Information given:
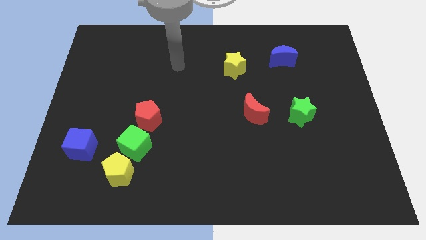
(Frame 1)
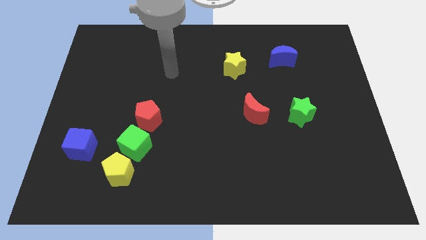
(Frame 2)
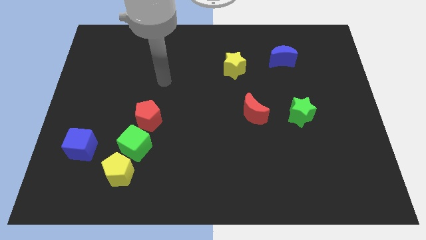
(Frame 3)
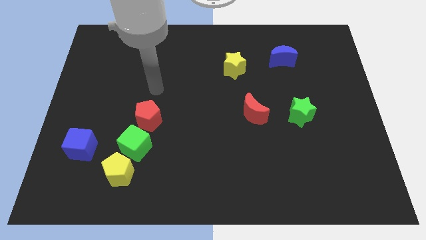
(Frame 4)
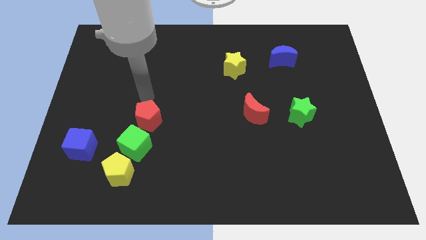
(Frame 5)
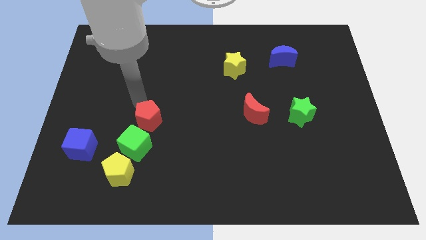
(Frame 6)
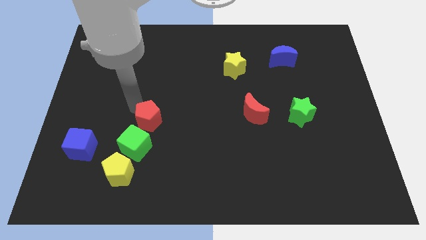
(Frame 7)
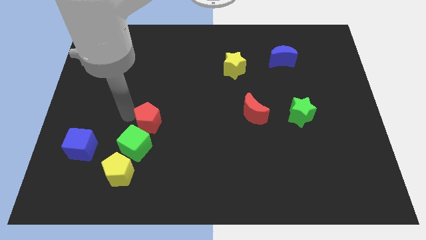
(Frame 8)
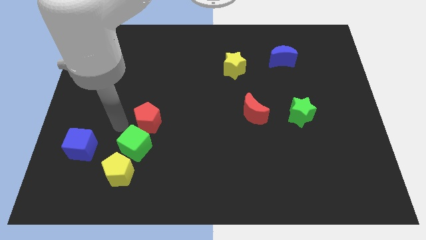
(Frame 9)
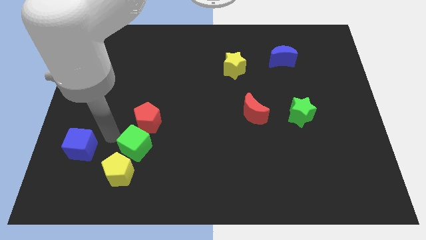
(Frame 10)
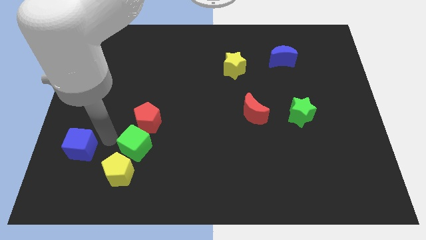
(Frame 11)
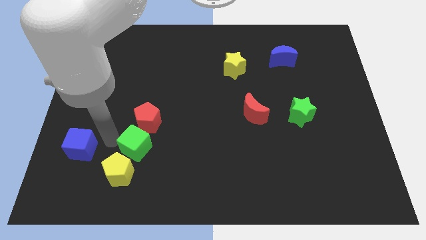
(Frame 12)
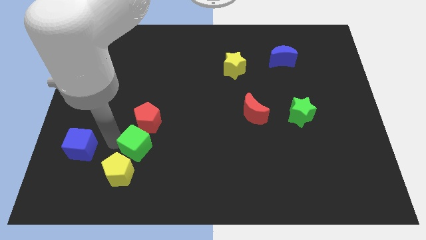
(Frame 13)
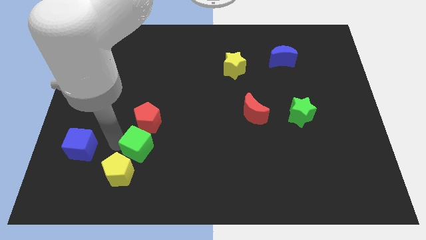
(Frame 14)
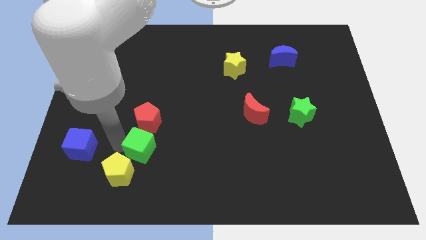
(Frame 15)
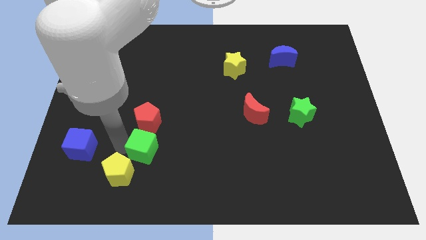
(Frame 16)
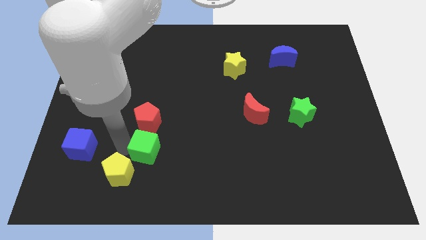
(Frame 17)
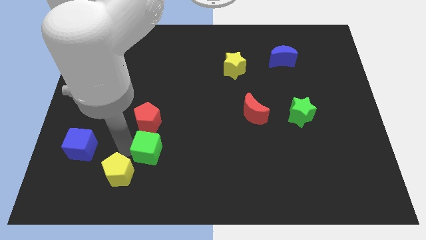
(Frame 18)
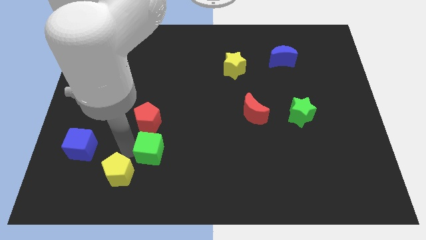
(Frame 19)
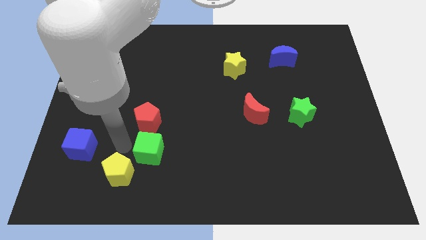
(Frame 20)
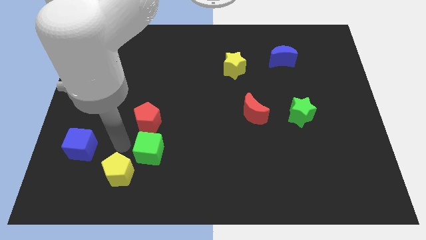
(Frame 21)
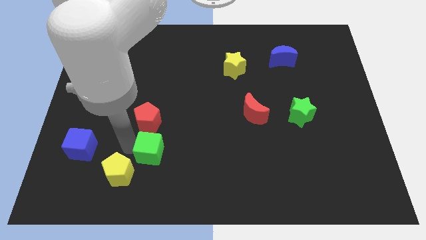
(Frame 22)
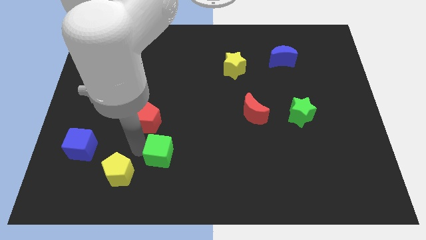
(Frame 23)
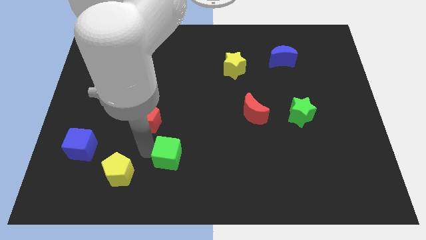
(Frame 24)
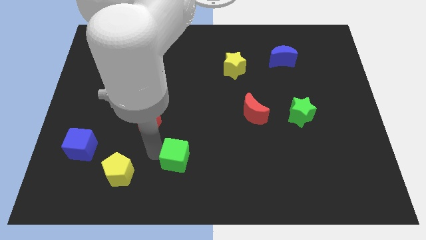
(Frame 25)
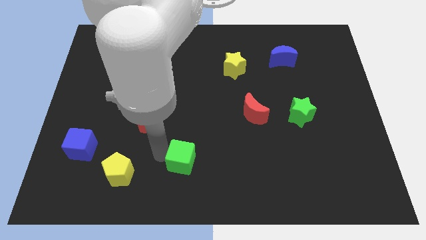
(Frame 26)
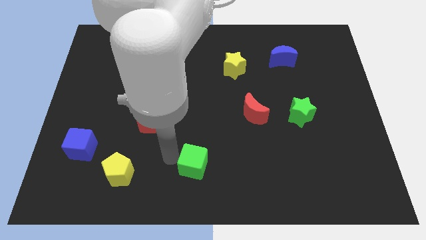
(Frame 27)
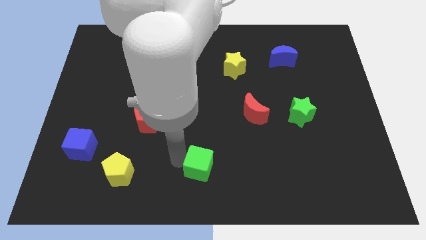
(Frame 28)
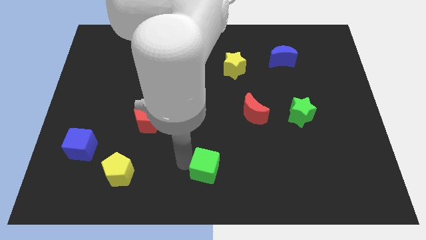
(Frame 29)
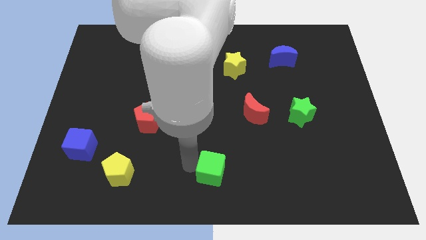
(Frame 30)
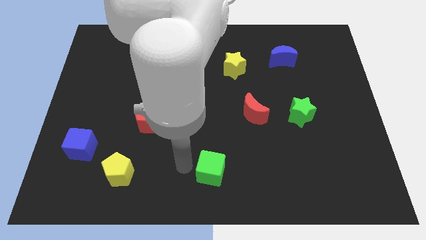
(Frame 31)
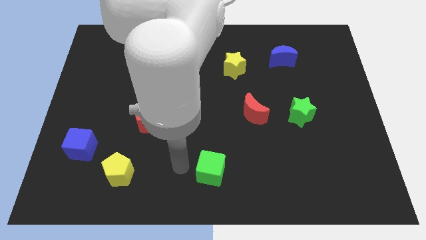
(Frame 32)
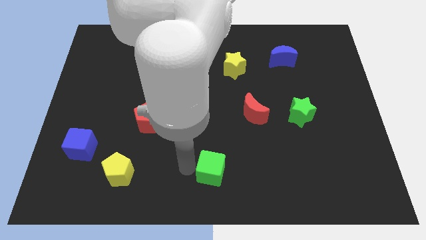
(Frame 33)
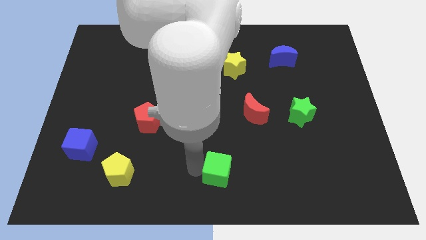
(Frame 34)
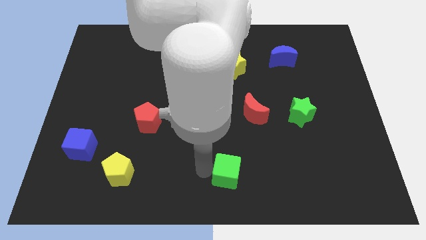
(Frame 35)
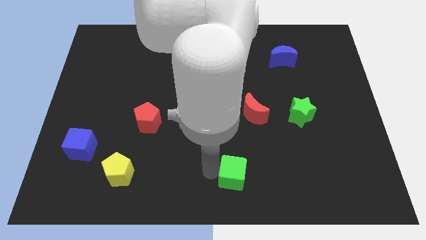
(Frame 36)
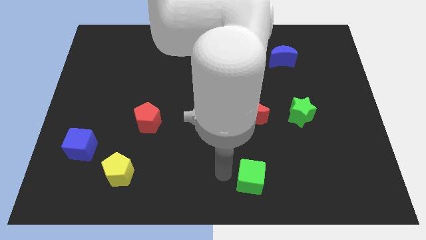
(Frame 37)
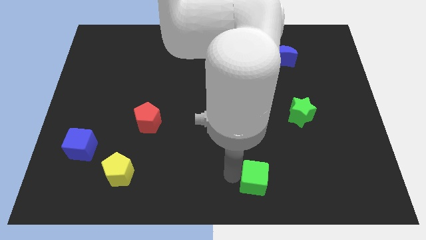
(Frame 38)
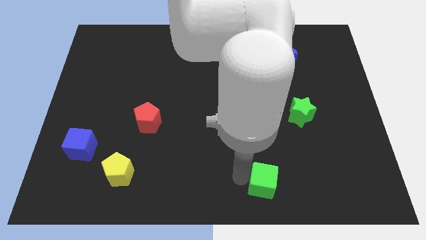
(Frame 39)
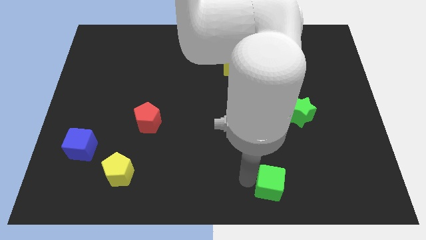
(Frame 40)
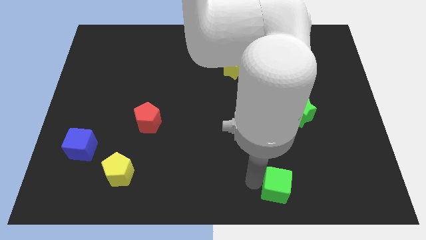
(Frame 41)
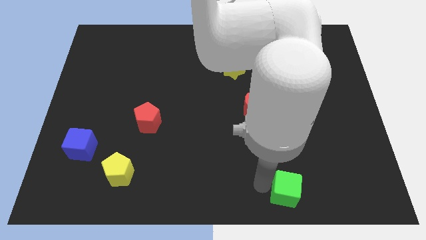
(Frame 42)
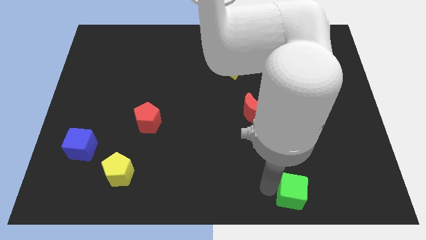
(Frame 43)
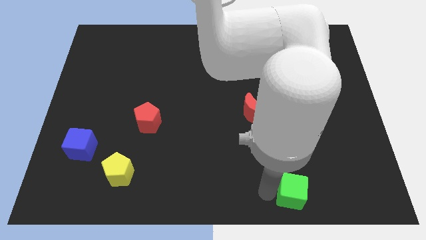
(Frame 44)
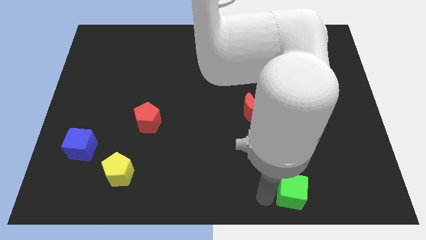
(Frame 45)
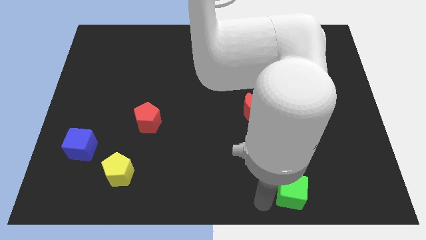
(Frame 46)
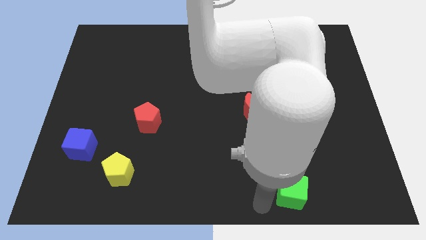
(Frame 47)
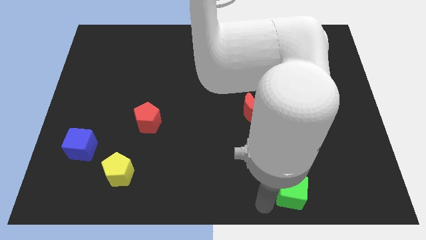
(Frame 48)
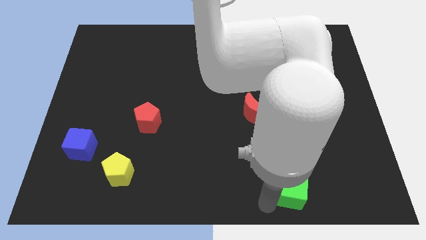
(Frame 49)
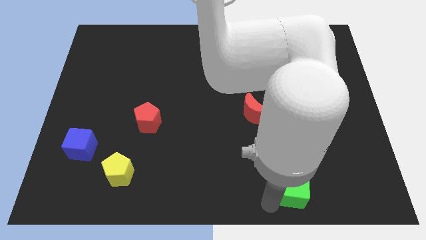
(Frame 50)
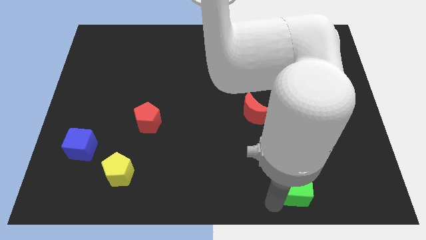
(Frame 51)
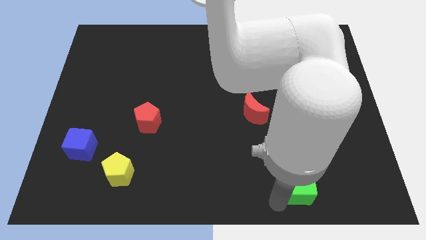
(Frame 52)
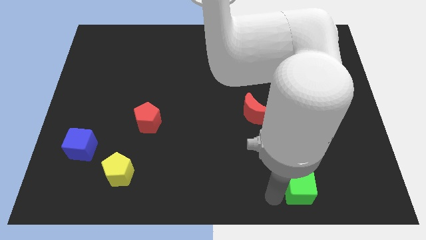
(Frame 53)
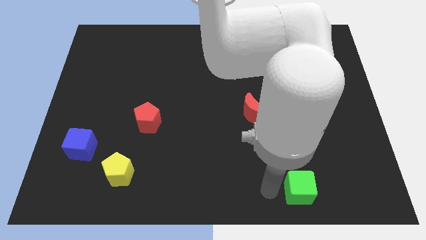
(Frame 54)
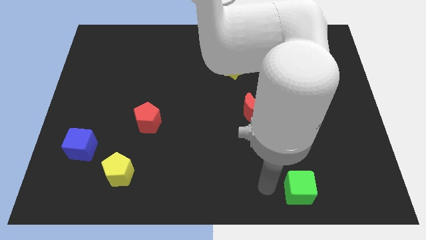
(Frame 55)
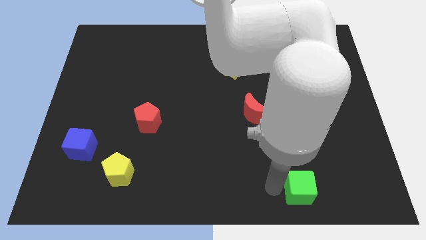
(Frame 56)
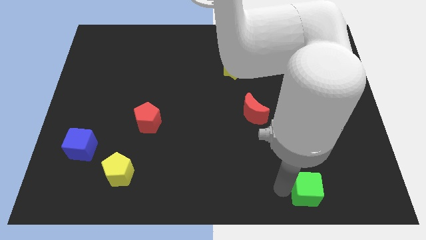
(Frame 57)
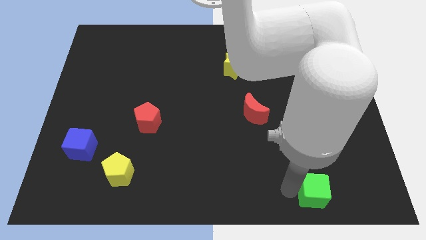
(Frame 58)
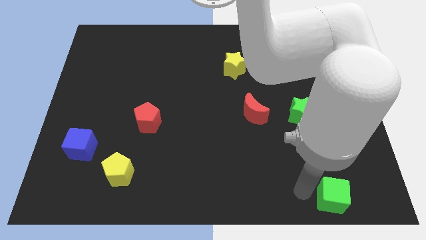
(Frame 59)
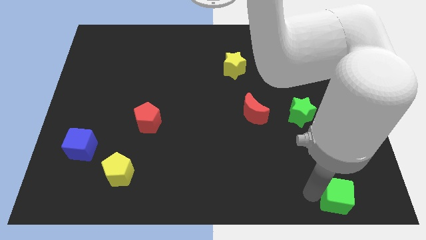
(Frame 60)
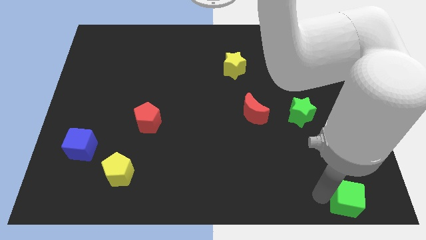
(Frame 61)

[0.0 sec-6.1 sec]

Task: Return the full listing exactly as it appears above, without its pictures.

Result below:
(Frame 1)
(Frame 2)
(Frame 3)
(Frame 4)
(Frame 5)
(Frame 6)
(Frame 7)
(Frame 8)
(Frame 9)
(Frame 10)
(Frame 11)
(Frame 12)
(Frame 13)
(Frame 14)
(Frame 15)
(Frame 16)
(Frame 17)
(Frame 18)
(Frame 19)
(Frame 20)
(Frame 21)
(Frame 22)
(Frame 23)
(Frame 24)
(Frame 25)
(Frame 26)
(Frame 27)
(Frame 28)
(Frame 29)
(Frame 30)
(Frame 31)
(Frame 32)
(Frame 33)
(Frame 34)
(Frame 35)
(Frame 36)
(Frame 37)
(Frame 38)
(Frame 39)
(Frame 40)
(Frame 41)
(Frame 42)
(Frame 43)
(Frame 44)
(Frame 45)
(Frame 46)
(Frame 47)
(Frame 48)
(Frame 49)
(Frame 50)
(Frame 51)
(Frame 52)
(Frame 53)
(Frame 54)
(Frame 55)
(Frame 56)
(Frame 57)
(Frame 58)
(Frame 59)
(Frame 60)
(Frame 61)

[0.0 sec-6.1 sec]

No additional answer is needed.